### WHAT THE EXERCISE ASKS:
Down to the last line, repeat the entries exactly and drop any image.

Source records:
===

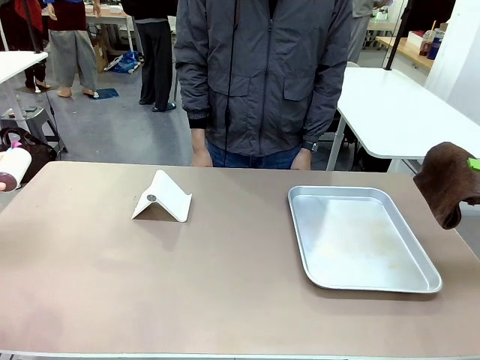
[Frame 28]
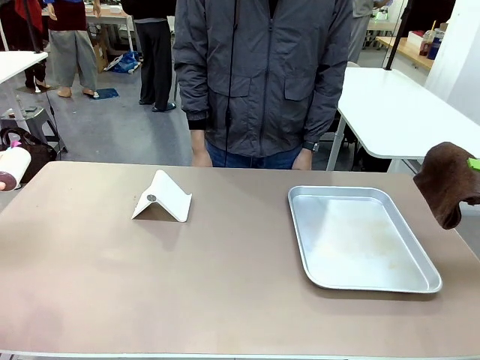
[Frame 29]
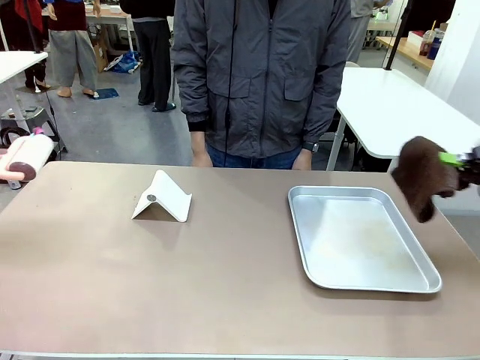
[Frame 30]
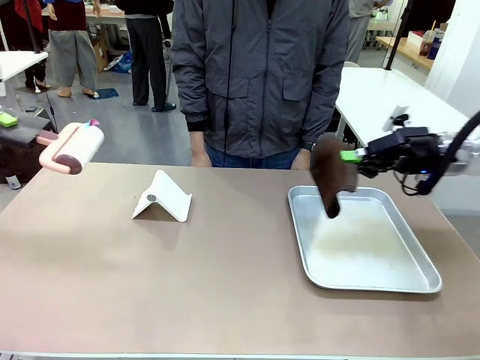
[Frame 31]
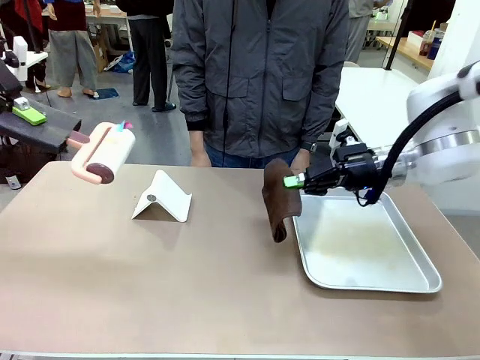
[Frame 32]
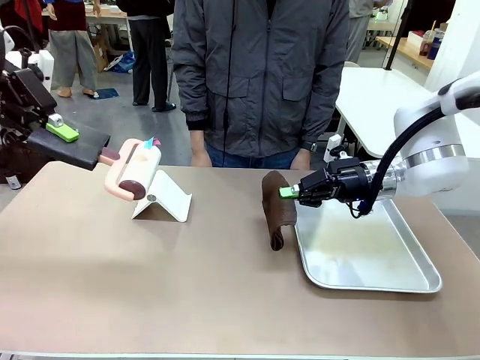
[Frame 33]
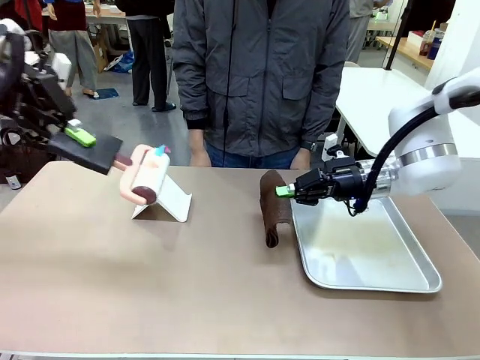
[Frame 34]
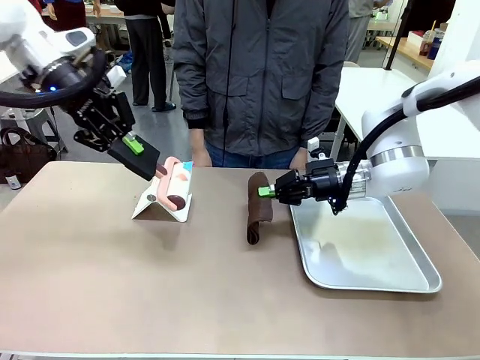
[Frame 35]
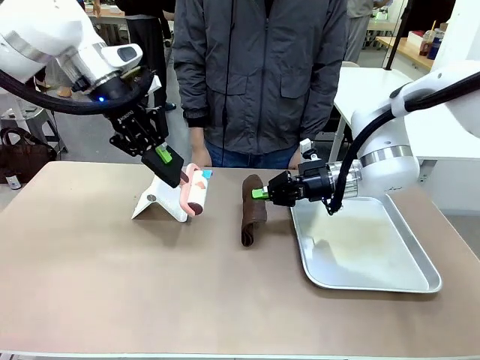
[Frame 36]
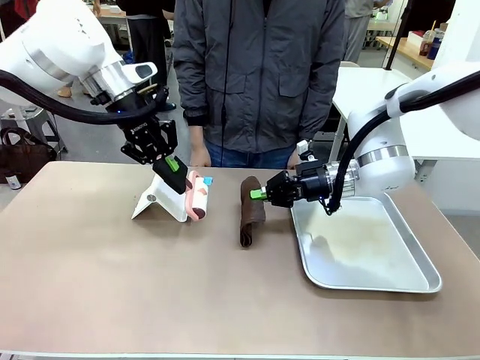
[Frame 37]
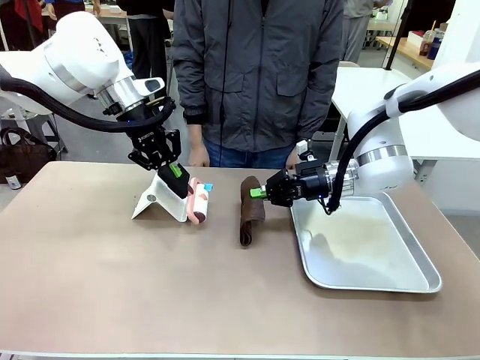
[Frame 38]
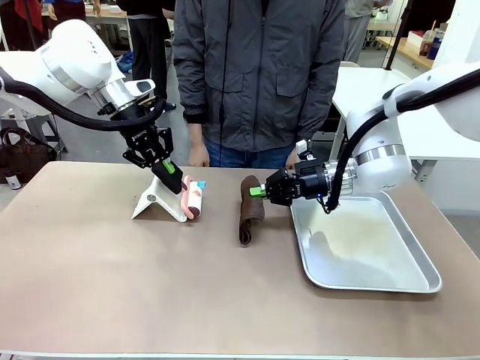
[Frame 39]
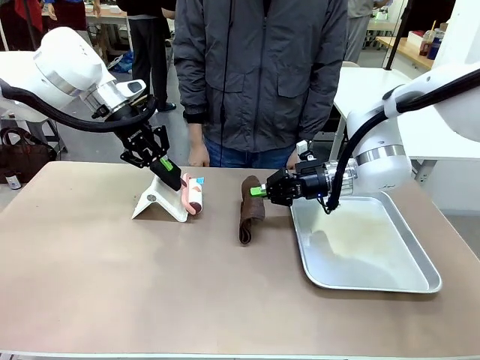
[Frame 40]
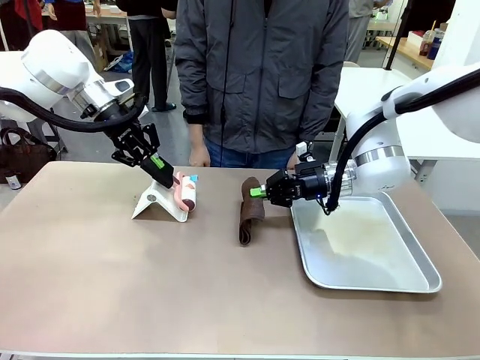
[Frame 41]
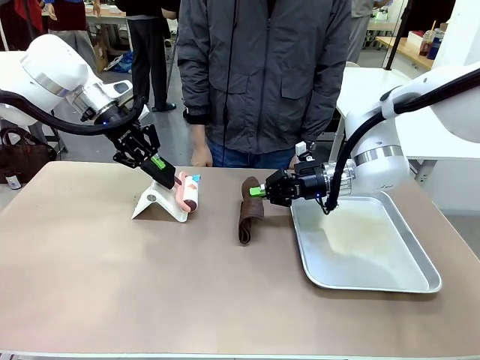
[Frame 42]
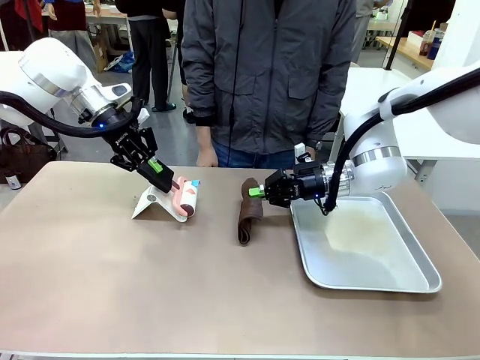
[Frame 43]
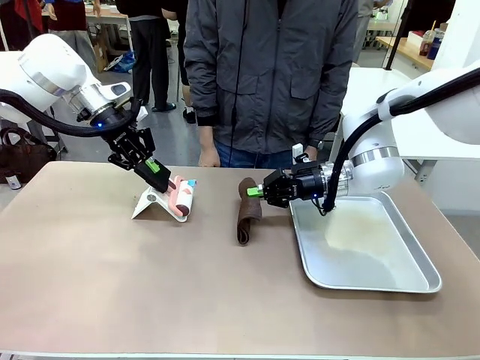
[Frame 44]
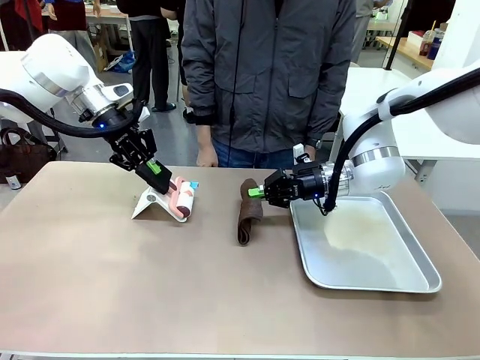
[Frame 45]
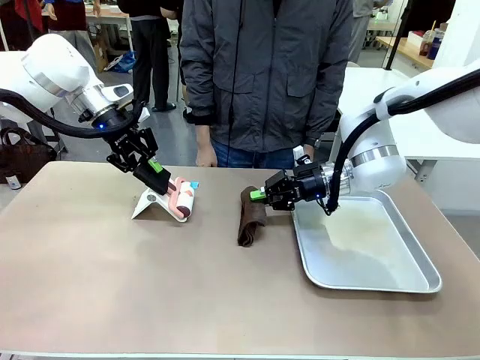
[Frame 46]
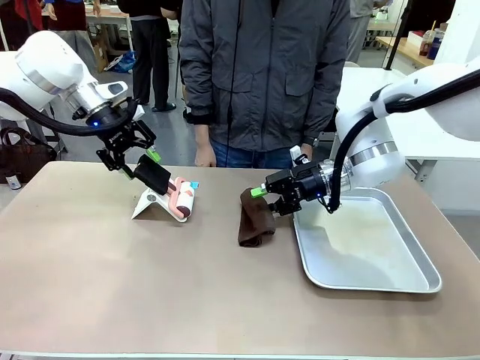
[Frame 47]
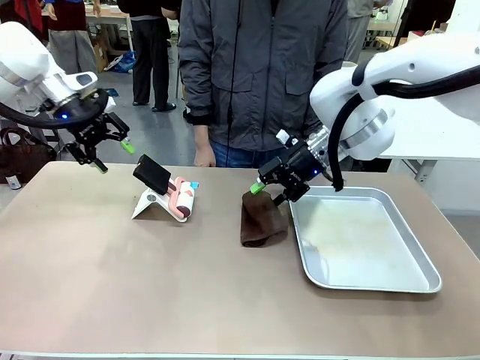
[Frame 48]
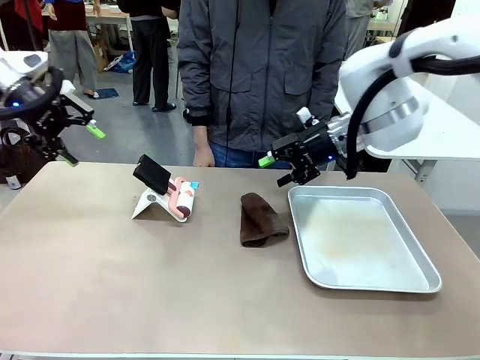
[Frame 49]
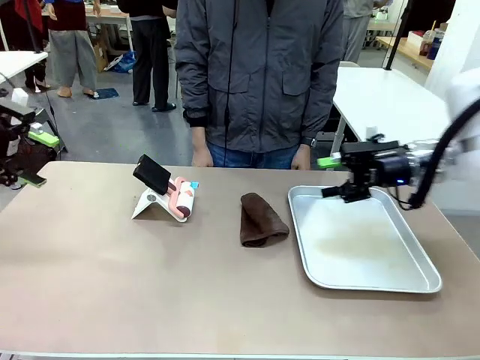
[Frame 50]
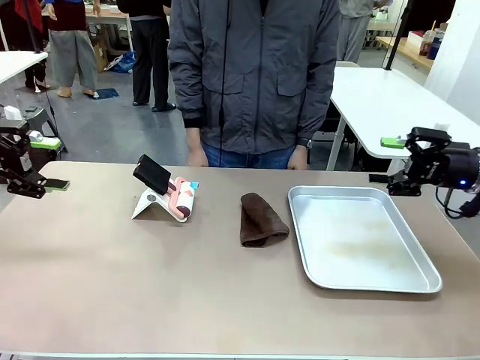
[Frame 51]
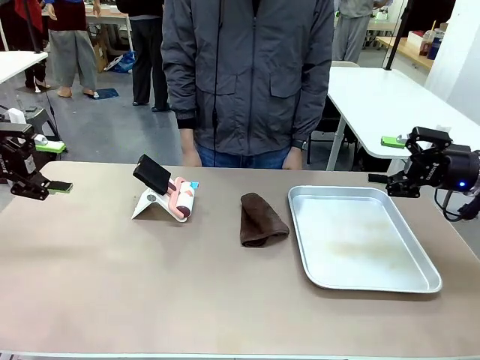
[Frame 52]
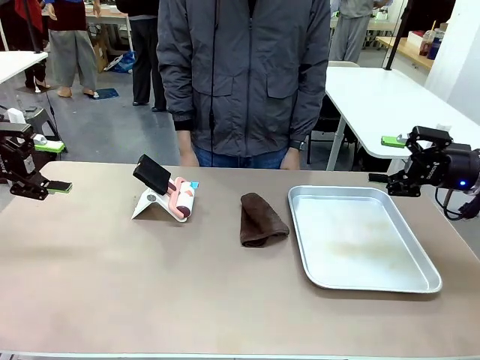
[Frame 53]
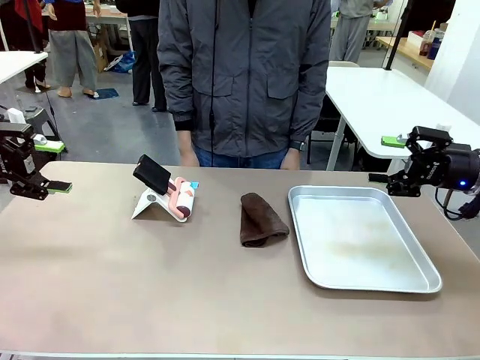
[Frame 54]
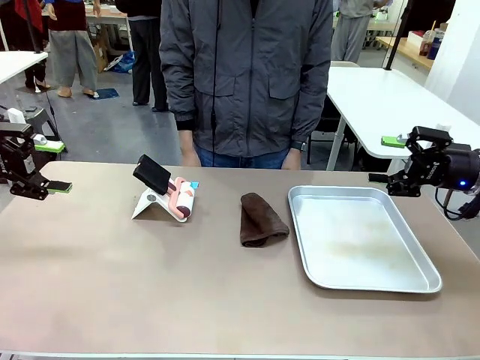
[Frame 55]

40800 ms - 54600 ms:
Robot: Return the Lint Roller and towel to their original positions.

===

### TASK OUTPUT:
[Frame 28]
[Frame 29]
[Frame 30]
[Frame 31]
[Frame 32]
[Frame 33]
[Frame 34]
[Frame 35]
[Frame 36]
[Frame 37]
[Frame 38]
[Frame 39]
[Frame 40]
[Frame 41]
[Frame 42]
[Frame 43]
[Frame 44]
[Frame 45]
[Frame 46]
[Frame 47]
[Frame 48]
[Frame 49]
[Frame 50]
[Frame 51]
[Frame 52]
[Frame 53]
[Frame 54]
[Frame 55]

40800 ms - 54600 ms:
Robot: Return the Lint Roller and towel to their original positions.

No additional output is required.